You should define your evaluators with the appropriate parameter signature - they can accept two parameters (input
, output
), where input contains the data passed to your function and output contains the result returned by your function.
interface MarketAnalysisInput {
product_type: string;
region: string;
}
interface MarketAnalysisOutput {
content: string;
role: string;
}
interface EvaluatorMetrics {
sample_metric: number;
sample_metric_2: boolean;
}
export async function functionToEvaluate(input: MarketAnalysisInput): Promise<MarketAnalysisOutput> {
try {
const dummyResponse: MarketAnalysisOutput = {
content: `This is a simulated analysis of ${input.product_type} in ${input.region}.
Market trends show significant growth with increasing consumer adoption.
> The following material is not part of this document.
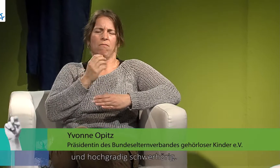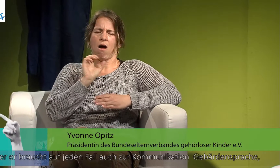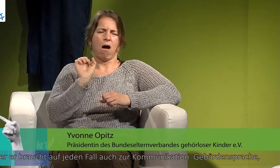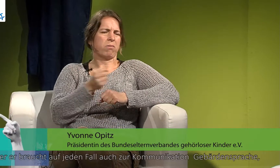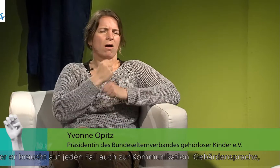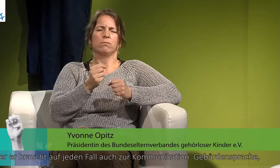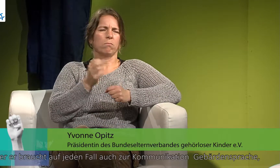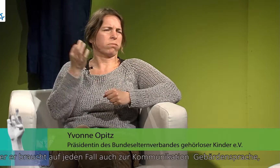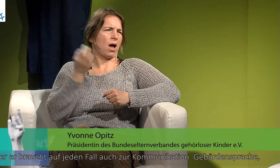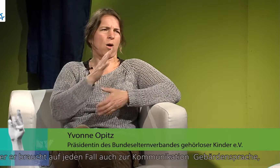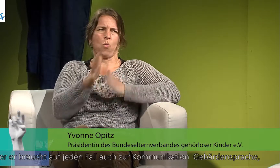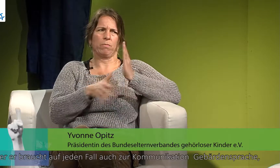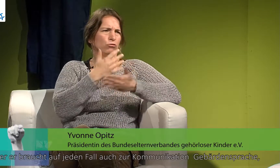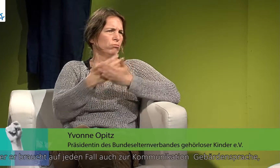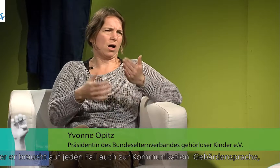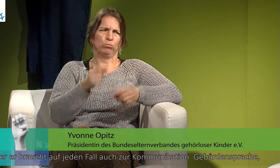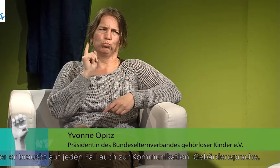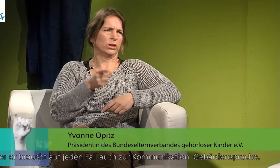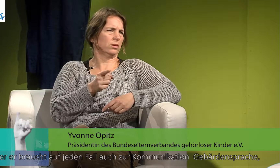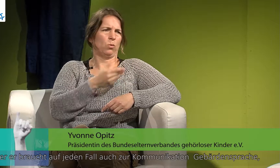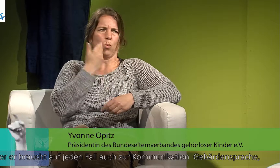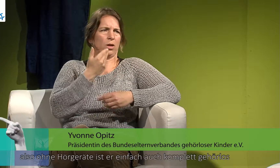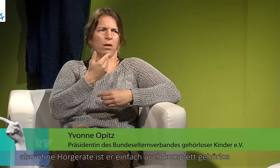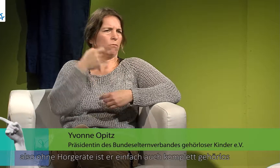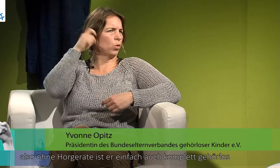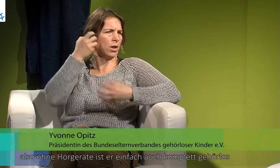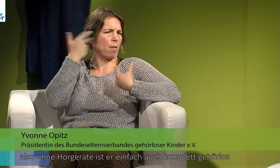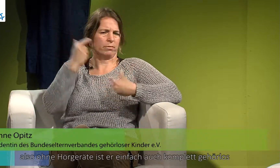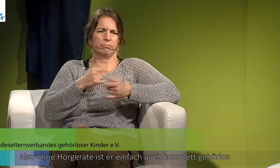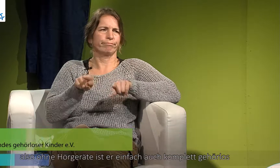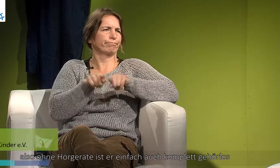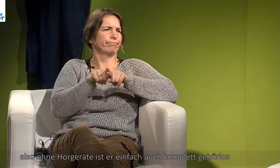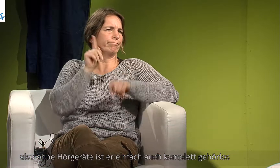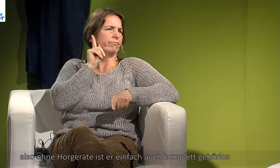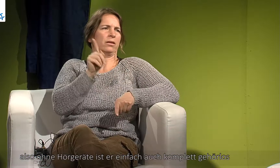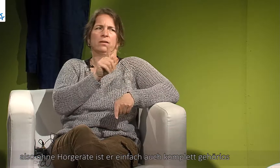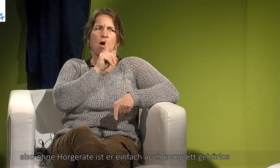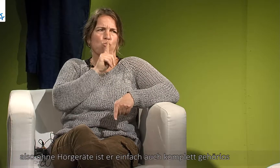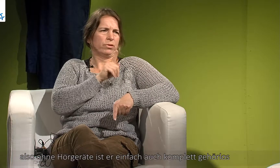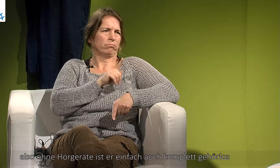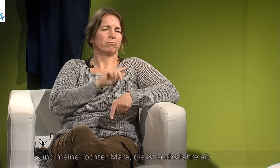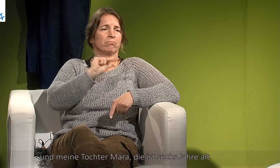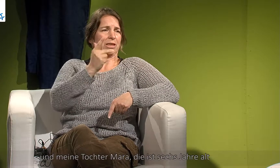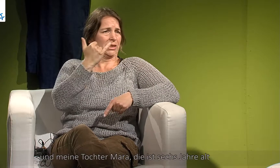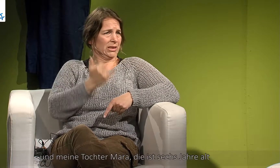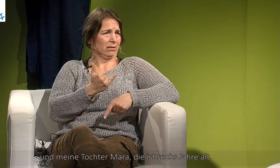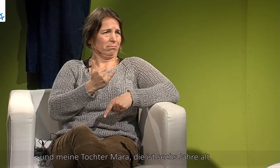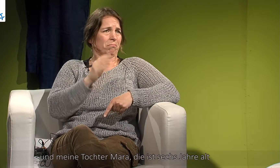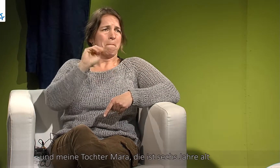Aber er braucht auf jeden Fall auch zur Kommunikation Gebärdensprache. Also ohne Hörgeräte ist er einfach auch komplett gehörlos. Und meine
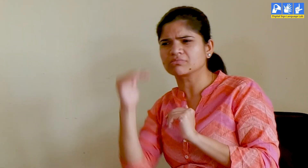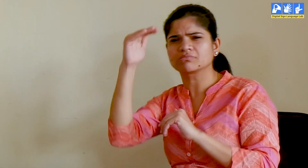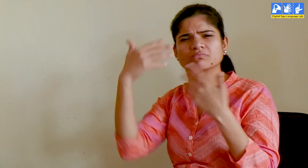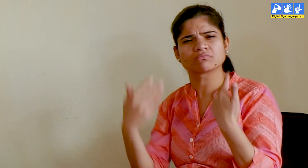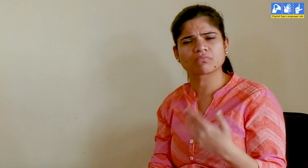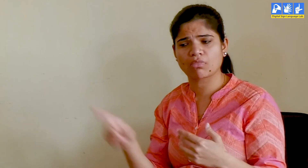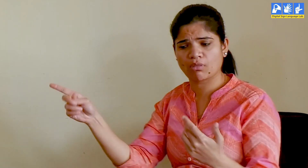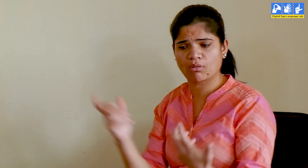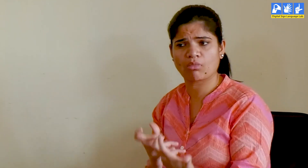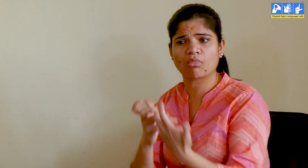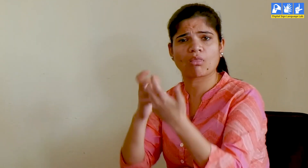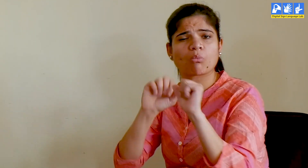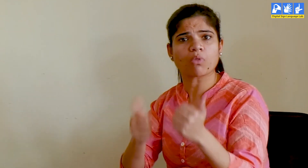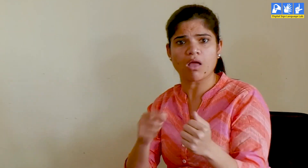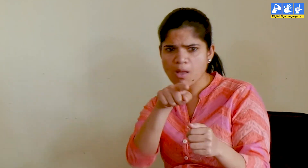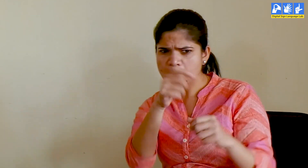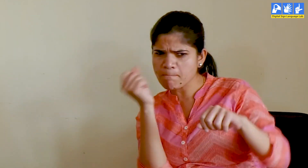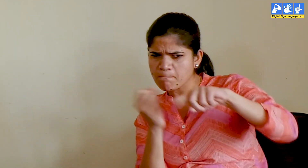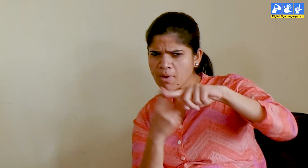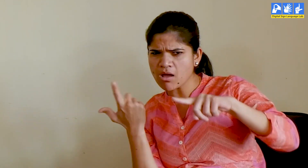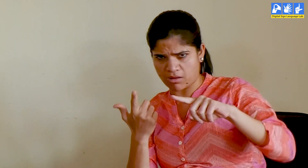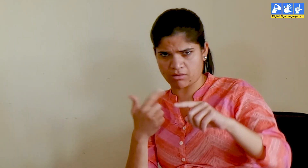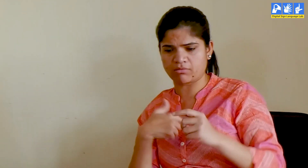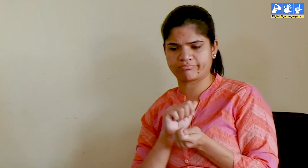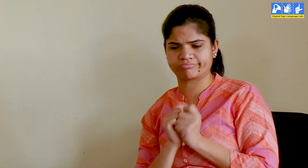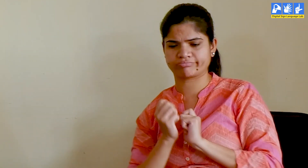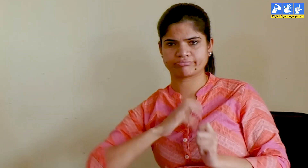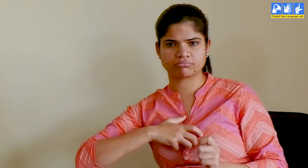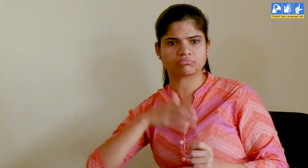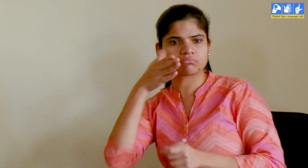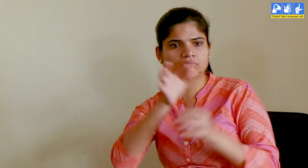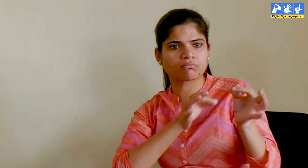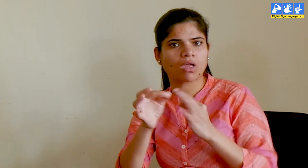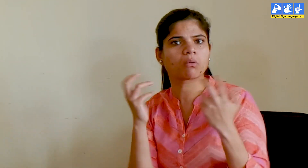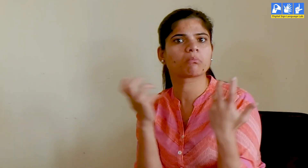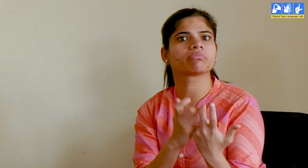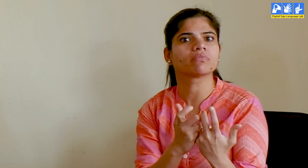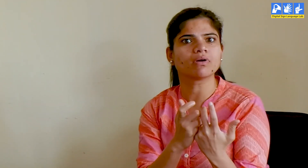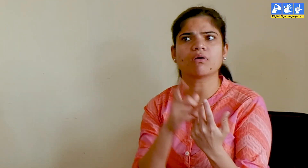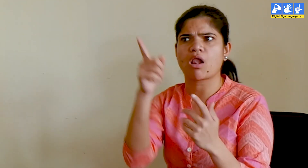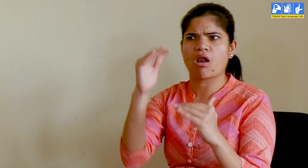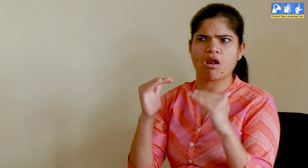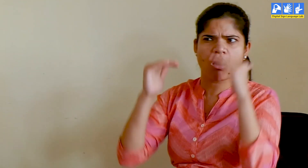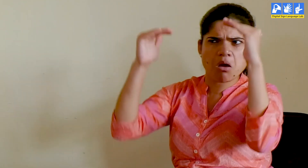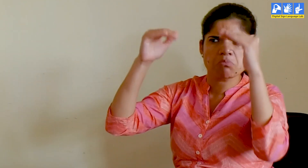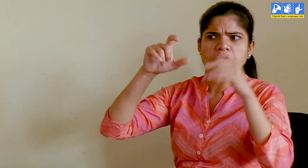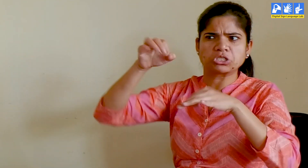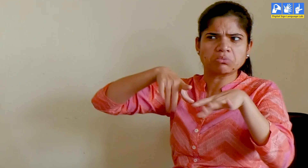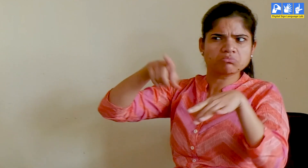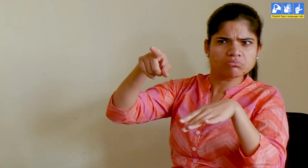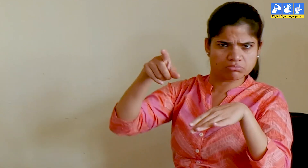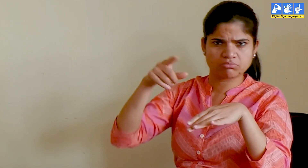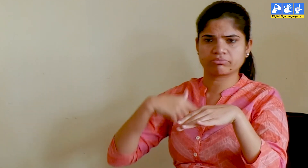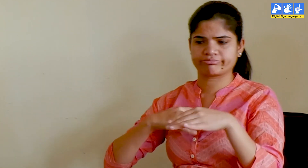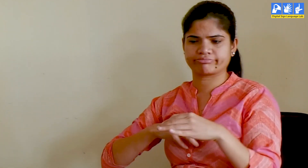जाते हैं वहां कि संस्कृति के नुसार खुद को ढालते हैं उन्हें समझाते हैं

Regional challenges include supply chain constraints and regulatory considerations.`,
role: "assistant"
};
return dummyResponse;
} catch (error) {
console.error('Error in function:', error);
throw error;
}
}
const dataset: MarketAnalysisInput[] = [
{
product_type: "electric vehicles",
region: "western europe"
},
{
product_type: "gaming consoles",
region: "north america"
}
];
function sampleEvaluator(input: MarketAnalysisInput, output: MarketAnalysisOutput): EvaluatorMetrics {
return {
sample_metric: 0.5,
sample_metric_2: true
};
}
evaluate({
evaluationFunction: functionToEvaluate,
hh_api_key: '<HONEYHIVE_API_KEY>',
hh_project: '<HONEYHIVE_PROJECT>',
name: 'Sample Experiment',
dataset: dataset,
evaluators: [sampleEvaluator],
server_url: '<HONEYHIVE_SERVER_URL>'
});
This will run the experiment with the datapoints contained in your dataset and run the evaluation on the target function’s output for each of the datapoint.